- [What you need to do]: With all pictures excluded, restate the records that follow exactly as written.

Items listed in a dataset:

————

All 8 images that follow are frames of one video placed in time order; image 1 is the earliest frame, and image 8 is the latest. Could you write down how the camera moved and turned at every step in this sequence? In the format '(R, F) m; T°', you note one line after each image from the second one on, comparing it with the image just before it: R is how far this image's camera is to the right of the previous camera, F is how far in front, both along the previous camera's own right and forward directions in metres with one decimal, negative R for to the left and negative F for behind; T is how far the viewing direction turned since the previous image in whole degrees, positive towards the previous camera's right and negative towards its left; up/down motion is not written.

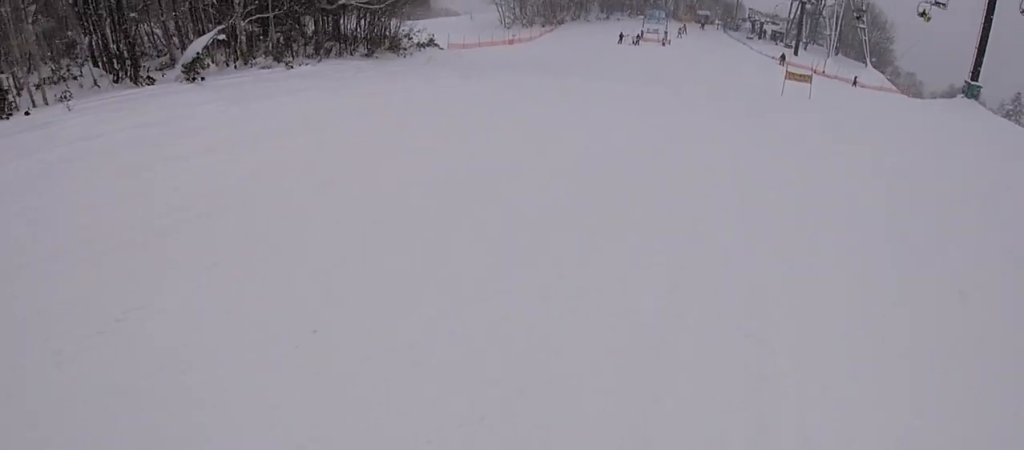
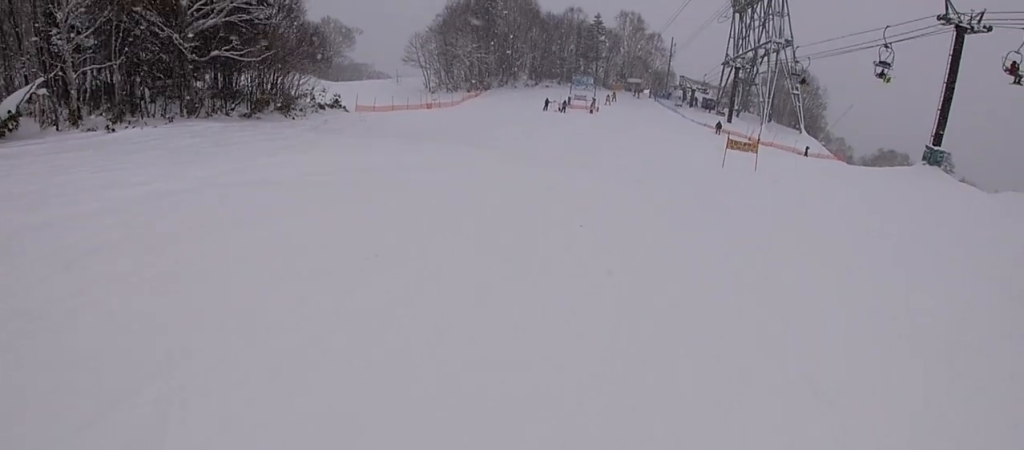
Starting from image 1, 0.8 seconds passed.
(-0.2, +6.6) m; -2°
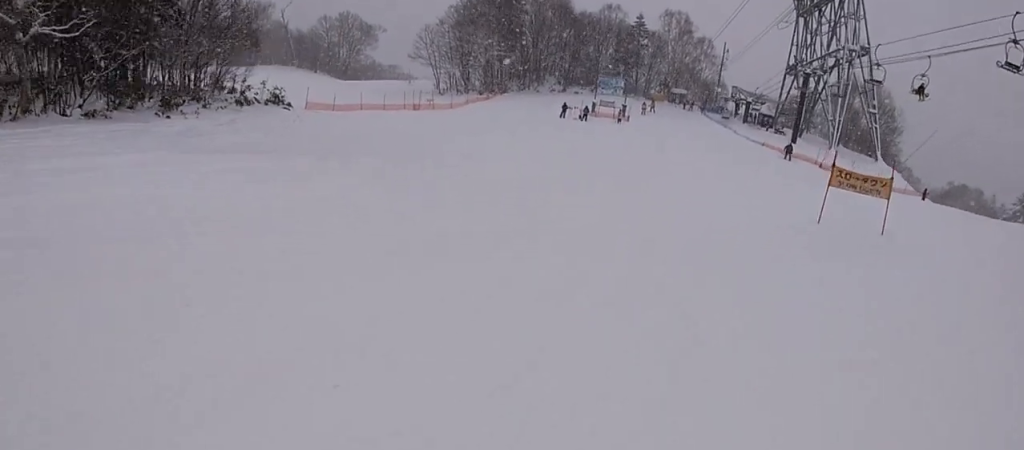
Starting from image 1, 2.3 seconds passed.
(-0.3, +14.3) m; -1°
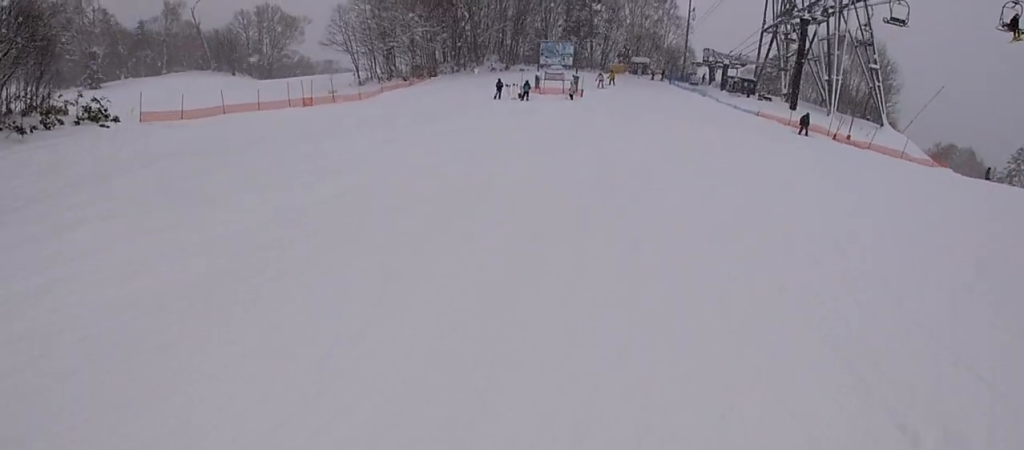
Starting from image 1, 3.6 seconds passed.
(0.0, +12.1) m; 0°
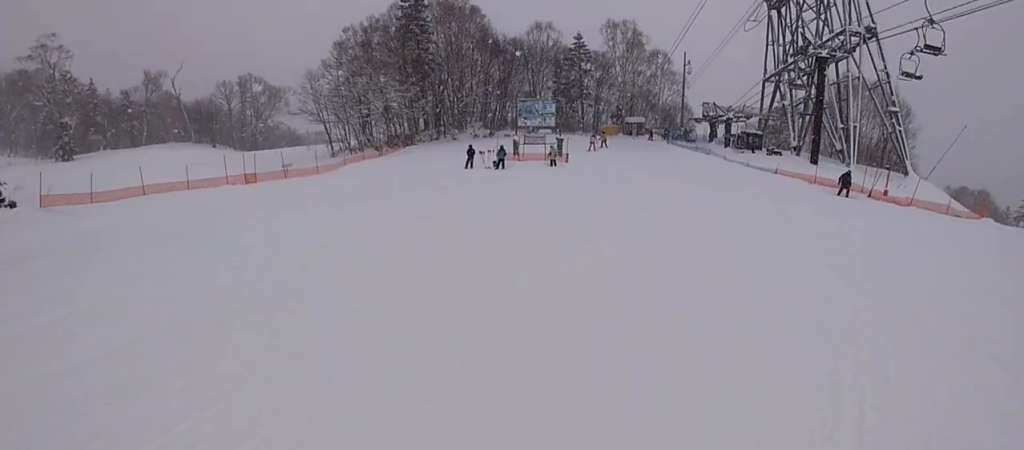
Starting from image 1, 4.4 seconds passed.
(0.0, +7.1) m; 0°
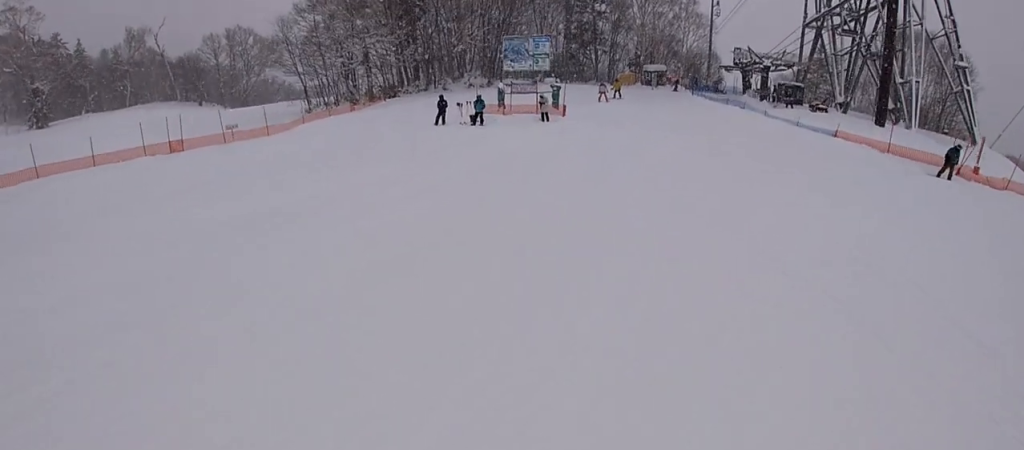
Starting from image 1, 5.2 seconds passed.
(0.0, +7.7) m; +2°
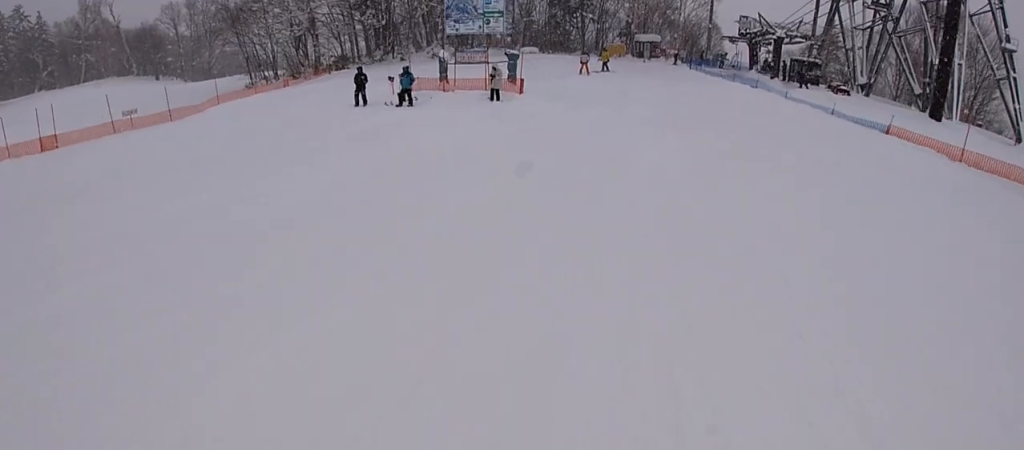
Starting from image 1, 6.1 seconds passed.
(+0.3, +7.2) m; 0°
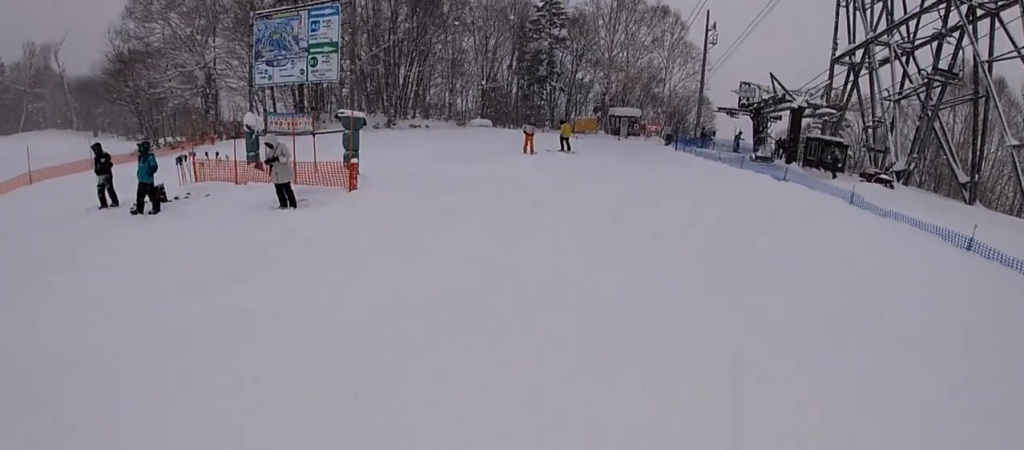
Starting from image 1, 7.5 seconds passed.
(-0.2, +11.6) m; +2°

————

- [Expected output]:
All 8 images that follow are frames of one video placed in time order; image 1 is the earliest frame, and image 8 is the latest. Could you write down how the camera moved and turned at every step in this sequence? In the format '(R, F) m; T°', you note one line after each image from the second one on, comparing it with the image just before it: R is how far this image's camera is to the right of the previous camera, F is how far in front, both along the previous camera's own right and forward directions in metres with one decimal, negative R for to the left and negative F for behind; T is how far the viewing direction turned since the previous image in whole degrees, positive towards the previous camera's right and negative towards its left; up/down motion is not written.

Starting from image 1, 0.8 seconds passed.
(-0.2, +6.6) m; -2°
Starting from image 1, 2.3 seconds passed.
(-0.3, +14.3) m; -1°
Starting from image 1, 3.6 seconds passed.
(0.0, +12.1) m; 0°
Starting from image 1, 4.4 seconds passed.
(0.0, +7.1) m; 0°
Starting from image 1, 5.2 seconds passed.
(0.0, +7.7) m; +2°
Starting from image 1, 6.1 seconds passed.
(+0.3, +7.2) m; 0°
Starting from image 1, 7.5 seconds passed.
(-0.2, +11.6) m; +2°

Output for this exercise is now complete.